Another consideration given the potential necessity for CSF analysis in order to qualify for anti‐amyloid therapies would be physician training in diagnostic lumbar puncture. There are a variety of specialities depending on region or country which may predominantly lead care in dementia, including psychiatry, neurology or gerontology. While lumbar punctures are one of the most commonly performed invasive tests in clinical medicine, in some speciality schemes there may not be training provided.
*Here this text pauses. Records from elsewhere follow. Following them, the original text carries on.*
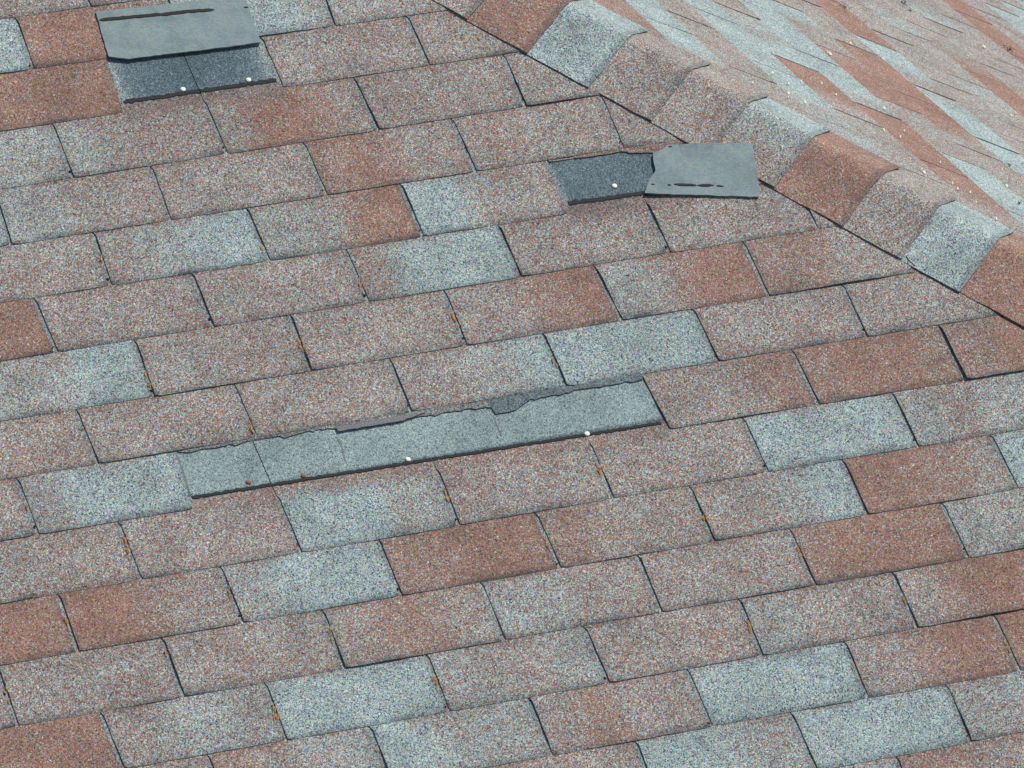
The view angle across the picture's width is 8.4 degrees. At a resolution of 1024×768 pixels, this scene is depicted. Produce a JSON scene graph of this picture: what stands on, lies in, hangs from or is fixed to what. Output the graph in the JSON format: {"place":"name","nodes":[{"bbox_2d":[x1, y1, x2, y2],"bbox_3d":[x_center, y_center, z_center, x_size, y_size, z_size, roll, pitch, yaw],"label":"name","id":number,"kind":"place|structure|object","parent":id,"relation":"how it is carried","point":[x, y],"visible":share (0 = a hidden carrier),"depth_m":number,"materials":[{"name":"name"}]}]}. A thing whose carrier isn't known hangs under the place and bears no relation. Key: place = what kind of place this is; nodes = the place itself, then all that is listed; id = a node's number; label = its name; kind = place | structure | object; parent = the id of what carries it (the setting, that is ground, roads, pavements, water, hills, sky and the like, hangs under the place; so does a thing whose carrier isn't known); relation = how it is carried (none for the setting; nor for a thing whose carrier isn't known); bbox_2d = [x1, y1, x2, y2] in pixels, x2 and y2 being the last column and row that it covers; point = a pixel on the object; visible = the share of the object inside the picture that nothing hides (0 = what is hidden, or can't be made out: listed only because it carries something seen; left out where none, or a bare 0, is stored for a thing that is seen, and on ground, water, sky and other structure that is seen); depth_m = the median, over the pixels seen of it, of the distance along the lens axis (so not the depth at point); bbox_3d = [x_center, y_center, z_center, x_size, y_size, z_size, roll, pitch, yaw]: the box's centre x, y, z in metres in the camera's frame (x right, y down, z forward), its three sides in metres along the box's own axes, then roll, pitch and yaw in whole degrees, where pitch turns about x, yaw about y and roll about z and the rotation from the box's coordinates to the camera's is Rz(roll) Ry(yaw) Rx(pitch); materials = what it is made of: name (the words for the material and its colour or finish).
{"place":"outdoors","nodes":[
{"label":"outdoors","id":0,"kind":"place"},
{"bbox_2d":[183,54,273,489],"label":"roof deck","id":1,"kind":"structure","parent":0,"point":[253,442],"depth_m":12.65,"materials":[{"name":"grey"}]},
{"bbox_2d":[207,755,213,767],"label":"roof shingle","id":2,"kind":"object","parent":1,"relation":"on","point":[210,762],"visible":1,"depth_m":12.19,"materials":[{"name":"grey"}]},
{"bbox_2d":[100,713,209,767],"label":"roof shingle","id":3,"kind":"object","parent":2,"relation":"on","point":[201,761],"visible":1,"depth_m":12.18,"materials":[{"name":"brown asphalt"}]},
{"bbox_2d":[100,638,283,767],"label":"roof shingle","id":4,"kind":"object","parent":3,"relation":"on","point":[182,726],"visible":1,"depth_m":12.23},
{"bbox_2d":[0,594,180,724],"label":"roof shingle","id":5,"kind":"object","parent":4,"relation":"on","point":[77,682],"visible":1,"depth_m":12.25,"materials":[{"name":"brown asphalt"}]},
{"bbox_2d":[0,594,74,664],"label":"roof shingle","id":6,"kind":"object","parent":5,"relation":"on","point":[33,628],"visible":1,"depth_m":12.29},
{"bbox_2d":[0,478,35,540],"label":"roof shingle","id":7,"kind":"object","parent":6,"relation":"on","point":[15,523],"visible":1,"depth_m":12.44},
{"bbox_2d":[0,410,95,479],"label":"roof shingle","id":8,"kind":"object","parent":7,"relation":"on","point":[44,443],"visible":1,"depth_m":12.55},
{"bbox_2d":[0,298,152,420],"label":"roof shingle","id":9,"kind":"object","parent":8,"relation":"on","point":[56,381],"visible":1,"depth_m":12.65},
{"bbox_2d":[58,522,240,649],"bbox_3d":[-0.665,0.344,12.409,0.310,0.129,0.242,-9,26,-20],"label":"roof shingle","id":10,"kind":"object","parent":5,"relation":"on","point":[139,609],"visible":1,"depth_m":12.37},
{"bbox_2d":[0,478,137,603],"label":"roof shingle","id":11,"kind":"object","parent":10,"relation":"on","point":[37,564],"visible":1,"depth_m":12.40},
{"bbox_2d":[17,410,191,532],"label":"roof shingle","id":12,"kind":"object","parent":11,"relation":"on","point":[98,493],"visible":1,"depth_m":12.51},
{"bbox_2d":[76,340,252,462],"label":"roof shingle","id":13,"kind":"object","parent":12,"relation":"on","point":[150,425],"visible":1,"depth_m":12.63,"materials":[{"name":"brown asphalt"}]},
{"bbox_2d":[134,274,307,395],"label":"roof shingle","id":14,"kind":"object","parent":13,"relation":"on","point":[212,355],"visible":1,"depth_m":12.75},
{"bbox_2d":[34,232,210,350],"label":"roof shingle","id":15,"kind":"object","parent":14,"relation":"on","point":[110,313],"visible":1,"depth_m":12.77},
{"bbox_2d":[0,206,109,302],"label":"roof shingle","id":16,"kind":"object","parent":15,"relation":"on","point":[61,265],"visible":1,"depth_m":12.81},
{"bbox_2d":[0,124,167,243],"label":"roof shingle","id":17,"kind":"object","parent":16,"relation":"on","point":[71,205],"visible":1,"depth_m":12.91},
{"bbox_2d":[0,124,70,188],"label":"roof shingle","id":18,"kind":"object","parent":17,"relation":"on","point":[30,155],"visible":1,"depth_m":12.96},
{"bbox_2d":[0,18,122,130],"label":"roof shingle","id":19,"kind":"object","parent":18,"relation":"on","point":[31,96],"visible":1,"depth_m":13.07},
{"bbox_2d":[15,0,165,67],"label":"roof shingle","id":20,"kind":"object","parent":19,"relation":"on","point":[64,37],"visible":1,"depth_m":13.16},
{"bbox_2d":[389,290,563,410],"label":"roof shingle","id":21,"kind":"object","parent":1,"relation":"on","point":[465,372],"visible":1,"depth_m":12.84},
{"bbox_2d":[547,95,665,161],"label":"torn shingle","id":22,"kind":"object","parent":1,"relation":"on","point":[615,131],"visible":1,"depth_m":13.27,"materials":[{"name":"asphalt"}]},
{"bbox_2d":[451,55,620,170],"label":"roof shingle","id":23,"kind":"object","parent":22,"relation":"on","point":[525,134],"visible":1,"depth_m":13.23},
{"bbox_2d":[353,17,522,128],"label":"roof shingle","id":24,"kind":"object","parent":23,"relation":"on","point":[428,92],"visible":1,"depth_m":13.25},
{"bbox_2d":[260,0,426,86],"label":"roof shingle","id":25,"kind":"object","parent":24,"relation":"on","point":[329,53],"visible":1,"depth_m":13.27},
{"bbox_2d":[634,741,646,767],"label":"roof shingle","id":26,"kind":"object","parent":1,"relation":"on","point":[637,747],"visible":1,"depth_m":12.37,"materials":[{"name":"grey"}]},
{"bbox_2d":[485,698,642,767],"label":"roof shingle","id":27,"kind":"object","parent":26,"relation":"on","point":[623,755],"visible":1,"depth_m":12.34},
{"bbox_2d":[529,627,709,754],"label":"roof shingle","id":28,"kind":"object","parent":27,"relation":"on","point":[607,713],"visible":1,"depth_m":12.42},
{"bbox_2d":[635,670,812,767],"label":"roof shingle","id":29,"kind":"object","parent":26,"relation":"on","point":[773,741],"visible":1,"depth_m":12.41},
{"bbox_2d":[687,599,864,724],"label":"roof shingle","id":30,"kind":"object","parent":29,"relation":"on","point":[761,685],"visible":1,"depth_m":12.52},
{"bbox_2d":[583,555,758,681],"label":"roof shingle","id":31,"kind":"object","parent":30,"relation":"on","point":[661,641],"visible":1,"depth_m":12.54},
{"bbox_2d":[480,512,658,638],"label":"roof shingle","id":32,"kind":"object","parent":31,"relation":"on","point":[559,598],"visible":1,"depth_m":12.56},
{"bbox_2d":[739,529,914,654],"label":"roof shingle","id":33,"kind":"object","parent":30,"relation":"on","point":[814,614],"visible":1,"depth_m":12.64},
{"bbox_2d":[638,487,812,610],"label":"roof shingle","id":34,"kind":"object","parent":33,"relation":"on","point":[714,571],"visible":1,"depth_m":12.66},
{"bbox_2d":[535,440,710,566],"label":"roof shingle","id":35,"kind":"object","parent":34,"relation":"on","point":[612,527],"visible":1,"depth_m":12.68,"materials":[{"name":"brown asphalt"}]},
{"bbox_2d":[415,393,608,523],"bbox_3d":[0.000,0.125,12.739,0.305,0.133,0.248,-9,26,-20],"label":"roof shingle","id":36,"kind":"object","parent":35,"relation":"on","point":[532,455],"visible":1,"depth_m":12.73,"materials":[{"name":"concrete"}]},
{"bbox_2d":[177,399,490,452],"bbox_3d":[-0.318,0.077,12.702,0.619,0.014,0.019,-9,26,-19],"label":"torn shingle remnant","id":37,"kind":"object","parent":36,"relation":"on","point":[460,407],"visible":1,"depth_m":12.73,"materials":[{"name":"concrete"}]},
{"bbox_2d":[234,315,408,436],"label":"roof shingle","id":38,"kind":"object","parent":37,"relation":"on","point":[310,398],"visible":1,"depth_m":12.74,"materials":[{"name":"brown asphalt"}]},
{"bbox_2d":[291,250,463,369],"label":"roof shingle","id":39,"kind":"object","parent":38,"relation":"on","point":[366,330],"visible":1,"depth_m":12.86,"materials":[{"name":"brown asphalt"}]},
{"bbox_2d":[192,208,366,325],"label":"roof shingle","id":40,"kind":"object","parent":39,"relation":"on","point":[268,288],"visible":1,"depth_m":12.88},
{"bbox_2d":[93,167,265,284],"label":"roof shingle","id":41,"kind":"object","parent":40,"relation":"on","point":[169,247],"visible":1,"depth_m":12.89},
{"bbox_2d":[247,143,420,259],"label":"roof shingle","id":42,"kind":"object","parent":40,"relation":"on","point":[325,222],"visible":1,"depth_m":13.00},
{"bbox_2d":[150,95,323,218],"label":"roof shingle","id":43,"kind":"object","parent":42,"relation":"on","point":[225,181],"visible":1,"depth_m":13.02,"materials":[{"name":"brown asphalt"}]},
{"bbox_2d":[53,53,224,176],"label":"roof shingle","id":44,"kind":"object","parent":43,"relation":"on","point":[162,118],"visible":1,"depth_m":13.06,"materials":[{"name":"brown asphalt"}]},
{"bbox_2d":[895,757,901,767],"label":"roof shingle","id":45,"kind":"object","parent":1,"relation":"on","point":[898,763],"visible":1,"depth_m":12.46,"materials":[{"name":"grey"}]},
{"bbox_2d":[790,712,897,767],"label":"roof shingle","id":46,"kind":"object","parent":45,"relation":"on","point":[890,762],"visible":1,"depth_m":12.45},
{"bbox_2d":[791,642,968,767],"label":"roof shingle","id":47,"kind":"object","parent":46,"relation":"on","point":[866,729],"visible":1,"depth_m":12.50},
{"bbox_2d":[844,572,1016,696],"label":"roof shingle","id":48,"kind":"object","parent":47,"relation":"on","point":[917,657],"visible":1,"depth_m":12.62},
{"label":"roof shingle","id":49,"kind":"object","parent":1,"relation":"on","visible":0},
{"bbox_2d":[938,315,1023,377],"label":"roof shingle","id":50,"kind":"object","parent":49,"relation":"on","point":[987,346],"visible":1,"depth_m":13.10,"materials":[{"name":"brown asphalt"}]},
{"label":"roof shingle","id":51,"kind":"object","parent":1,"relation":"on","visible":0},
{"bbox_2d":[941,435,1023,556],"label":"roof shingle","id":52,"kind":"object","parent":51,"relation":"on","point":[988,524],"visible":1,"depth_m":12.84,"materials":[{"name":"grey asphalt"}]},
{"bbox_2d":[842,393,1015,513],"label":"roof shingle","id":53,"kind":"object","parent":52,"relation":"on","point":[917,475],"visible":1,"depth_m":12.88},
{"bbox_2d":[742,350,914,470],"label":"roof shingle","id":54,"kind":"object","parent":53,"relation":"on","point":[817,432],"visible":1,"depth_m":12.90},
{"bbox_2d":[641,309,814,427],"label":"roof shingle","id":55,"kind":"object","parent":54,"relation":"on","point":[718,390],"visible":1,"depth_m":12.92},
{"bbox_2d":[543,265,715,384],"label":"roof shingle","id":56,"kind":"object","parent":55,"relation":"on","point":[648,344],"visible":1,"depth_m":12.94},
{"bbox_2d":[444,225,618,343],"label":"roof shingle","id":57,"kind":"object","parent":56,"relation":"on","point":[521,305],"visible":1,"depth_m":12.96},
{"bbox_2d":[346,184,518,300],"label":"roof shingle","id":58,"kind":"object","parent":57,"relation":"on","point":[422,263],"visible":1,"depth_m":12.98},
{"bbox_2d":[400,119,566,235],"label":"roof shingle","id":59,"kind":"object","parent":58,"relation":"on","point":[475,199],"visible":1,"depth_m":13.10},
{"bbox_2d":[303,78,472,193],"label":"roof shingle","id":60,"kind":"object","parent":59,"relation":"on","point":[378,157],"visible":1,"depth_m":13.12,"materials":[{"name":"brown asphalt"}]},
{"bbox_2d":[183,36,375,152],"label":"roof shingle","id":61,"kind":"object","parent":60,"relation":"on","point":[263,108],"visible":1,"depth_m":13.16,"materials":[{"name":"brown asphalt"}]},
{"bbox_2d":[96,0,260,59],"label":"folded shingle tab","id":62,"kind":"object","parent":61,"relation":"on","point":[162,30],"visible":1,"depth_m":13.22,"materials":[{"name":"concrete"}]},
{"bbox_2d":[991,429,1023,487],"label":"roof shingle","id":63,"kind":"object","parent":52,"relation":"on","point":[1010,444],"visible":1,"depth_m":12.96,"materials":[{"name":"grey asphalt"}]},
{"bbox_2d":[892,326,1023,445],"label":"roof shingle","id":64,"kind":"object","parent":63,"relation":"on","point":[965,408],"visible":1,"depth_m":13.00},
{"bbox_2d":[791,285,962,403],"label":"roof shingle","id":65,"kind":"object","parent":64,"relation":"on","point":[866,365],"visible":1,"depth_m":13.03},
{"bbox_2d":[692,242,864,359],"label":"roof shingle","id":66,"kind":"object","parent":65,"relation":"on","point":[767,323],"visible":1,"depth_m":13.05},
{"bbox_2d":[594,201,765,318],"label":"roof shingle","id":67,"kind":"object","parent":66,"relation":"on","point":[668,281],"visible":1,"depth_m":13.06,"materials":[{"name":"brown asphalt"}]},
{"bbox_2d":[498,152,666,274],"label":"roof shingle","id":68,"kind":"object","parent":67,"relation":"on","point":[602,220],"visible":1,"depth_m":13.11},
{"bbox_2d":[841,266,1000,335],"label":"roof shingle","id":69,"kind":"object","parent":65,"relation":"on","point":[915,299],"visible":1,"depth_m":13.13,"materials":[{"name":"brown asphalt"}]},
{"bbox_2d":[743,207,912,294],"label":"roof shingle","id":70,"kind":"object","parent":69,"relation":"on","point":[816,257],"visible":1,"depth_m":13.16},
{"bbox_2d":[623,143,814,251],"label":"roof shingle","id":71,"kind":"object","parent":70,"relation":"on","point":[686,223],"visible":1,"depth_m":13.18,"materials":[{"name":"brown asphalt"}]},
{"bbox_2d":[645,143,759,197],"bbox_3d":[0.355,-0.403,13.240,0.233,0.077,0.114,-4,25,-10],"label":"loose shingle piece","id":72,"kind":"object","parent":71,"relation":"on","point":[716,169],"visible":1,"depth_m":13.24,"materials":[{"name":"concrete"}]},
{"bbox_2d":[878,200,1013,291],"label":"hip cap shingle","id":73,"kind":"object","parent":69,"relation":"on","point":[953,243],"visible":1,"depth_m":13.24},
{"bbox_2d":[823,170,956,258],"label":"hip cap shingle","id":74,"kind":"object","parent":73,"relation":"on","point":[894,212],"visible":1,"depth_m":13.27,"materials":[{"name":"brown asphalt"}]},
{"bbox_2d":[758,131,899,226],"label":"hip cap shingle","id":75,"kind":"object","parent":74,"relation":"on","point":[831,176],"visible":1,"depth_m":13.29,"materials":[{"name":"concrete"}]},
{"bbox_2d":[719,97,830,187],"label":"hip cap shingle","id":76,"kind":"object","parent":75,"relation":"on","point":[778,136],"visible":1,"depth_m":13.33,"materials":[{"name":"grey asphalt"}]},
{"bbox_2d":[628,65,768,143],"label":"hip cap shingle","id":77,"kind":"object","parent":76,"relation":"on","point":[707,104],"visible":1,"depth_m":13.34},
{"bbox_2d":[589,31,710,120],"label":"hip cap shingle","id":78,"kind":"object","parent":77,"relation":"on","point":[643,74],"visible":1,"depth_m":13.37,"materials":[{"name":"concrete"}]},
{"bbox_2d":[503,52,600,104],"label":"roof shingle","id":79,"kind":"object","parent":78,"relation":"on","point":[538,82],"visible":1,"depth_m":13.31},
{"bbox_2d":[504,0,648,87],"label":"hip cap shingle","id":80,"kind":"object","parent":79,"relation":"on","point":[586,48],"visible":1,"depth_m":13.39,"materials":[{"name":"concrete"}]},
{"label":"roof shingle","id":81,"kind":"object","parent":1,"relation":"on","visible":0},
{"bbox_2d":[0,671,119,767],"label":"roof shingle","id":82,"kind":"object","parent":81,"relation":"on","point":[81,741],"visible":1,"depth_m":12.15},
{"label":"roof shingle","id":83,"kind":"object","parent":1,"relation":"on","visible":0},
{"bbox_2d":[368,726,387,767],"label":"roof shingle","id":84,"kind":"object","parent":83,"relation":"on","point":[376,745],"visible":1,"depth_m":12.27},
{"bbox_2d":[208,683,382,767],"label":"roof shingle","id":85,"kind":"object","parent":84,"relation":"on","point":[352,748],"visible":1,"depth_m":12.24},
{"bbox_2d":[265,610,446,738],"bbox_3d":[-0.299,0.501,12.371,0.309,0.129,0.240,-9,26,-20],"label":"roof shingle","id":86,"kind":"object","parent":85,"relation":"on","point":[343,698],"visible":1,"depth_m":12.33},
{"bbox_2d":[161,567,341,695],"bbox_3d":[-0.484,0.421,12.391,0.305,0.133,0.248,-9,26,-20],"label":"roof shingle","id":87,"kind":"object","parent":86,"relation":"on","point":[243,653],"visible":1,"depth_m":12.35,"materials":[{"name":"asphalt"}]},
{"bbox_2d":[322,540,501,666],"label":"roof shingle","id":88,"kind":"object","parent":86,"relation":"on","point":[400,625],"visible":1,"depth_m":12.45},
{"bbox_2d":[220,491,398,621],"bbox_3d":[-0.385,0.298,12.512,0.306,0.130,0.242,-9,26,-20],"label":"roof shingle","id":89,"kind":"object","parent":88,"relation":"on","point":[300,581],"visible":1,"depth_m":12.47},
{"bbox_2d":[118,441,298,578],"bbox_3d":[-0.567,0.218,12.533,0.308,0.134,0.250,-9,26,-20],"label":"roof shingle","id":90,"kind":"object","parent":89,"relation":"on","point":[231,516],"visible":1,"depth_m":12.52,"materials":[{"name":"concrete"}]},
{"bbox_2d":[379,465,557,594],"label":"roof shingle","id":91,"kind":"object","parent":88,"relation":"on","point":[458,554],"visible":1,"depth_m":12.57,"materials":[{"name":"brown asphalt"}]},
{"bbox_2d":[253,417,456,551],"bbox_3d":[-0.286,0.172,12.634,0.314,0.134,0.250,-9,26,-20],"label":"roof shingle","id":92,"kind":"object","parent":91,"relation":"on","point":[363,484],"visible":1,"depth_m":12.63,"materials":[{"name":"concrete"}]},
{"bbox_2d":[369,654,547,767],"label":"roof shingle","id":93,"kind":"object","parent":84,"relation":"on","point":[497,734],"visible":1,"depth_m":12.32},
{"bbox_2d":[426,583,605,710],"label":"roof shingle","id":94,"kind":"object","parent":93,"relation":"on","point":[504,669],"visible":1,"depth_m":12.43,"materials":[{"name":"asphalt"}]},
{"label":"roof shingle","id":95,"kind":"object","parent":1,"relation":"on","visible":0},
{"bbox_2d":[946,615,1023,740],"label":"roof shingle","id":96,"kind":"object","parent":95,"relation":"on","point":[990,707],"visible":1,"depth_m":12.58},
{"bbox_2d":[993,609,1023,669],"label":"roof shingle","id":97,"kind":"object","parent":96,"relation":"on","point":[1011,623],"visible":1,"depth_m":12.69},
{"bbox_2d":[892,502,1023,626],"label":"roof shingle","id":98,"kind":"object","parent":97,"relation":"on","point":[957,590],"visible":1,"depth_m":12.73,"materials":[{"name":"brown asphalt"}]},
{"bbox_2d":[789,461,964,584],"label":"roof shingle","id":99,"kind":"object","parent":98,"relation":"on","point":[866,544],"visible":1,"depth_m":12.76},
{"bbox_2d":[689,418,864,539],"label":"roof shingle","id":100,"kind":"object","parent":99,"relation":"on","point":[763,502],"visible":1,"depth_m":12.78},
{"bbox_2d":[569,377,765,496],"bbox_3d":[0.284,0.079,12.842,0.310,0.132,0.246,-9,26,-20],"label":"roof shingle","id":101,"kind":"object","parent":100,"relation":"on","point":[639,444],"visible":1,"depth_m":12.82,"materials":[{"name":"brown asphalt"}]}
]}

There are also other resource implications to consider including beds available for day case procedures and nursing support for these. This would need to be addressed as anti‐amyloid therapies emerge.

As mentioned, 40 patients (57%) were deemed suitable for Aducanumab when assessed using the AUC, however if we re‐examined our cohort using the clinical trial criteria this reduced to 27%. Recent Italian data agrees with this variability and likely increase in numbers when addressing ‘real world’ eligibility of Aducanumab when compared previous epidemiological estimates of eligibility. This is a wide range and underscores the need for consensus around fair selection criteria in the event of European licencing of any future anti‐amyloid therapy.

The emergence of anti‐amyloid therapies has also brought increasing awareness of potential serious adverse effects. Of particular concern are amyloid‐related imaging abnormalities (ARIA). ARIA can be divided into ARIA‐E and ARIA‐H. ARIA‐E refers to changes felt to represent vasogenic oedema and ARIA‐H attributed to changes secondary to microhaemorrhages. ARIA (both E And H subtypes) were found to occur in 35.2% of patients on high dose Aducanumab when compared to 2.7% in the placebo group. The AUC recommend MRI prior to commencement of Aducanumab, in order to exclude patients who have evidence of substantial cerebrovascular disease at baseline. This should be obtained no more than 1 year prior to treatment. It is then recommended that MRI should be obtained prior to the fifth infusion, prior to the seventh infusion and prior to the 12th infusion (infusions are given monthly, with doses gradually increasing in increments to a target dose of 10 mg/kg by the seventh infusion). However if ARIA is detected on MRI, imaging should be repeated within 1 month, and potentially monthly thereafter. This may lead to challenges in the safe delivery of anti‐amyloid therapy, with significant imaging demands being added to already stretched MRI waiting lists, which may make this degree of monitoring untenable. We believe this would challenge our systemic readiness to deliver anti‐amyloid treatment if licenced for use in Europe. Furthermore, as risk‐stratification for ARIA can be guided by APOE genotype, it may become a standard requirement to genotype patients prior to commencing anti‐amyloid therapy, with the inherent ethical and clinical resource implications of adding this step to standard practice.

A limitation of this study is the retrospective nature of the data collection. Due to historical routine CSF analysis in our cohort, amyloid biomarker positivity was used as an initial screening for selecting patients who would have been suitable for Aducanumab. In ‘real world’ use of amyloid therapies it is important to note there will be many patients potentially felt to be of initial suitability for treatment in which CSF biomarkers may not turn out to be positive, adding to the numbers who may access the service for potential work‐up and diagnosis. In data from an Italian centre it was estimated that one third of patients with MCI or AD did not exhibit a CSF amyloid positive status. Comparatively, in our study, approximately two thirds of patients (147/217 patients) who underwent CSF analysis did not exhibit amyloid positivity, however this was not exclusively performed in MCI or AD settings. As our unit is a referral centre for potentially more complex cases we therefore may see a higher proportion of less common dementia causes, for instance, frontotemporal dementia or tauopathies.

In conclusion, this report highlights the presence of Irish patients eligible for anti‐amyloid therapy should a European licence be granted, and the need to develop a system readiness and capacity to deliver this and other emerging disease‐modifying AD therapies.

CONFLICT OF INTEREST

The author declares that they have no conflict of interest.